Quentin Giai Gianetto (Paris / FR), Louka Chenal (Paris / FR), Mariette Matondo (Paris / FR)
Highlighting the proteins/peptides exhibiting significant quantitative differences between two biological conditions is the cornerstone of many quantitative proteomic experiments. Typically, this involves employing a statistical strategy across the quantitative dataset to extract relevant proteins/peptides. Basic approaches include fold-change calculations or standard Student's t-tests. Various statistical tests have emerged to refine such analyses and to allow for better statistical power. Some adjust the denominator of the Student's t-statistic (e.g., Welch, SAM, LIMMA, BayesT, VarMixT, ROTS), while others are rank-based (e.g., Wilcoxon, LPE, RankProduct). Recent methods from explainable artificial intelligence were also developed to provide p-values (e.g., PIMP, NTA). Since the 2000s reproducibility crisis, skepticism about p-values has grown due to their reliance on hypothetical distributions and the need for many replicates to be reliable. This issue is notable in proteomics with limited experiment replicates. Alternatives like the « Bayesian framework », using measures like the region of practical equivalence (ROPE) or probability of direction (PD), have recently emerged.

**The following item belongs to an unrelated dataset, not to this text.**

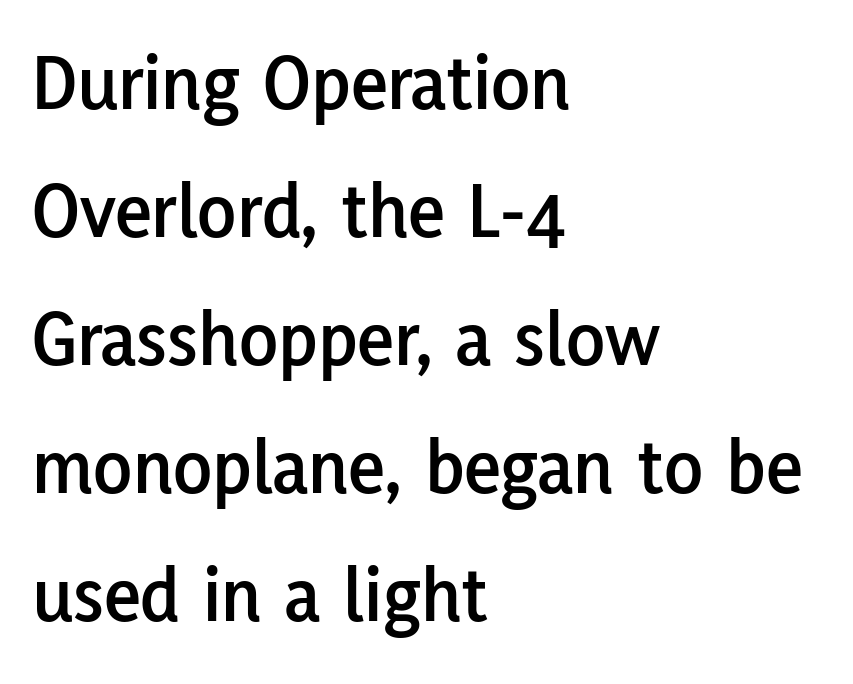
The image shows 80 px sans-serif type, upright; set left-aligned, normal line spacing (1.6x), normal letter spacing, not underlined; low stroke contrast and a medium x-height.

Herein, we undertook a comprehensive analysis, comparing many statistical tests and strategies on various simulated and real data to assess their similarities and differences. Additionally, we explored ways of combining strategies to maximize the statistical power (or true non-discovery rate) while controlling the FDR (false discovery rate), using methods like p-value fusion (e.g., Fisher's, Stouffer's,…) or data-driven strategies (machine learning classification). For this, we investigated the estimation of the FDR when combining statistical strategies by estimating joint empirical cumulative distribution functions.
Our study proposes to exploit a variety of different tests to extract the best possible strategy in difficult contexts, such as to detect small variations in abundances between conditions (small effect sizes). We present the most successful statistical strategies and the combinations providing the best statistical power while controlling the false discovery rate under a fixed threshold. Our comprehensive approach yields valuable insights applicable to any quantitative dataset characterized by a "large p, small n" framework, commonly encountered in proteomics but also in other quantitative omics datasets, such as transcriptomics or metabolomics datasets.